Философская основа маньеризма. Одним из очень ярких признаков нарастающего падения Ренессанса является то художественное и теоретико–эстетическое направление, которое обычно носит название маньеризма. Сущностью маньеризма в эстетике Ренессанса является та рефлексия над искусством, которая уже ставит вопрос о соотношении творящего субъекта и сотворенного объекта. В основном проблема эта решается в духе общевозрожденческого неоплатонизма: Божество мыслит и потому имеет идеи; в чистейшем виде эти идеи отражены у ангелов; в более сложном и материально–чувственном смысле эти идеи даны в человеке и бессознательно— в природе; человек мыслит и творит на основании чувственных данных, конструируя и проверяя их при помощи данных ему от Бога и потому прирожденных внутренних форм. Так рассуждают два главных теоретика маньеризма, Джованни Паоло Ломаццо (164) и Федерико Цуккари (207). Однако весь этот неоплатонизм дается у этих авторов не в его непосредственном виде, т. е. не так, как он давался, например, у Николая Кузанского и у Марсилио Фичино, но в качестве ответа на вопрос: как возможно художественное познание и художественное творчество? Когда представители Высокого Возрождения пробовали рассуждать чисто теоретически о проблемах прекрасного или искусства, то все эти ответы, во–первых, отличались у них полной случайностью и отсутствием всякой системы. Во–вторых же, сам вопрос о возможности художественного познания или художественного творчества тут не возникал. В–третьих, наконец, все специфически возрожденческие рассуждения о красоте относились скорее к самому феномену красоты в его непосредственном воздействии на человека, но не к искусству как к такой области, которая вполне самобытна и специфична и требует для себя специальной рефлексии. Теперь же, во второй половине XVI в., возникла проблема именно обоснования художественного познания и творчества. Для ее решения был выдвинут старый и типичный ренессансный философский аппарат неоплатонизма, но он получил здесь новое назначение.

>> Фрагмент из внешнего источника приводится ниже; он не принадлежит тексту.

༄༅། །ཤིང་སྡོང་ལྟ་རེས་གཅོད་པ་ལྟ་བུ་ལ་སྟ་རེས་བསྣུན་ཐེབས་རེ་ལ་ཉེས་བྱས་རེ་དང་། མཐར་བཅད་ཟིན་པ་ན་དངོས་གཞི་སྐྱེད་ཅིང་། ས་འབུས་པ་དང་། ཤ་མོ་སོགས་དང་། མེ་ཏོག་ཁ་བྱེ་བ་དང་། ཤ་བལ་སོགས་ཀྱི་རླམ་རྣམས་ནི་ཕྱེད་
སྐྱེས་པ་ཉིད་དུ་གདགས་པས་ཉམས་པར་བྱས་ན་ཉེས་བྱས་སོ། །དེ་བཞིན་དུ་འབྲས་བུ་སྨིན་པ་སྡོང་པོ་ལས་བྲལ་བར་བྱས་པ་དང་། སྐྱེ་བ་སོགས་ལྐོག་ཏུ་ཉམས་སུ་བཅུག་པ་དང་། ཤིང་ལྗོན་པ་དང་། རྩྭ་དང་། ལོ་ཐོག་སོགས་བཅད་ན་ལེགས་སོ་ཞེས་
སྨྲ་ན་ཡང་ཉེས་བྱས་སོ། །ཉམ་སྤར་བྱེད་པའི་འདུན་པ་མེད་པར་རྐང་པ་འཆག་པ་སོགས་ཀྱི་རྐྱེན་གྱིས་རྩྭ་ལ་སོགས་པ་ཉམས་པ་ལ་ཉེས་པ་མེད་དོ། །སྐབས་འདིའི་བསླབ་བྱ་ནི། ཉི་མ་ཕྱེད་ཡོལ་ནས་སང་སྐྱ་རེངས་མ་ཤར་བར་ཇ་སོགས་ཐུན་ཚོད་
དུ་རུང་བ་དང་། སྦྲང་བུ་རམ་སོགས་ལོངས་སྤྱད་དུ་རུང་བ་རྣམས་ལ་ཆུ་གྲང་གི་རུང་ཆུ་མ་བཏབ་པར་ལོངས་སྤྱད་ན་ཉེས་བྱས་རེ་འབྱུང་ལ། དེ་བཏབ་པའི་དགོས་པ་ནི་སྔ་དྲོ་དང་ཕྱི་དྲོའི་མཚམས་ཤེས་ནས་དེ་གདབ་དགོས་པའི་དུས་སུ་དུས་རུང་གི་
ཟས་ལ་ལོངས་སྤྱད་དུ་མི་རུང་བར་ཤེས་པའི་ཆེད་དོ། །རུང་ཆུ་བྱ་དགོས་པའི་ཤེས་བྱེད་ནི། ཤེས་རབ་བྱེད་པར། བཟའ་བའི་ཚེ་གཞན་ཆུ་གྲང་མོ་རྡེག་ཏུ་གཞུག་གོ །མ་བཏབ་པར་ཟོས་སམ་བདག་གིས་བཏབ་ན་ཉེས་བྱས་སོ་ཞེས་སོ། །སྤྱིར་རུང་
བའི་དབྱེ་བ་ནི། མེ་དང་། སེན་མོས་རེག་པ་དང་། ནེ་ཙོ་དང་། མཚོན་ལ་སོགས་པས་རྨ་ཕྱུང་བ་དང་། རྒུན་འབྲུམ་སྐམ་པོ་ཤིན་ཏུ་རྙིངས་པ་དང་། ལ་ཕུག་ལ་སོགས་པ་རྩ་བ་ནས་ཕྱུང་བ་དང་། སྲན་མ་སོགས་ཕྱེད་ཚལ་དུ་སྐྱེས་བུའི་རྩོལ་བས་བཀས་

Вершина Высокого Ренессанса характеризовалась лич–ностно–материальными методами, в которых пока еще не было сомнения как в таковых. В период же маньеризма как раз ставится вопрос от отношении личности к материи. Человеческая личность все еще трактуется как целиком определяемая божеством, но воспринятые ею божественные формы уже понимаются как субъективно–априорные. Ф. Цуккари выдвигает понятие внутреннего рисунка, который и делает впервые возможным как разбираться в чувственных восприятиях, так и творить художественное произведение. Чувственность нисколько не отвергается. Но, по Цуккари, она необходимым образом обрабатывается и оформляется при помощи внутреннего рисунка в человеческом сознании. Этот внутренний рисунок человека настолько могуществен и богат, что он конкурирует как бы с самим Богом и с природой. Во всяком случае он создает то, что Цуккари называет «земным раем», — совокупность всего прекрасного и всех произведений искусства, созданных человеком. Природа здесь тоже ослаблена в сравнении с ее высоковозрожденческими восхвалениями. В ней много не только красоты, но и безобразия, и материя здесь действует часто как самое настоящее зло, как активная противоположность добра. Художник должен подражать природе, но не слепо, а творчески. _ Нужно еще уметь выбирать одни из природных данных и отбрасывать другие.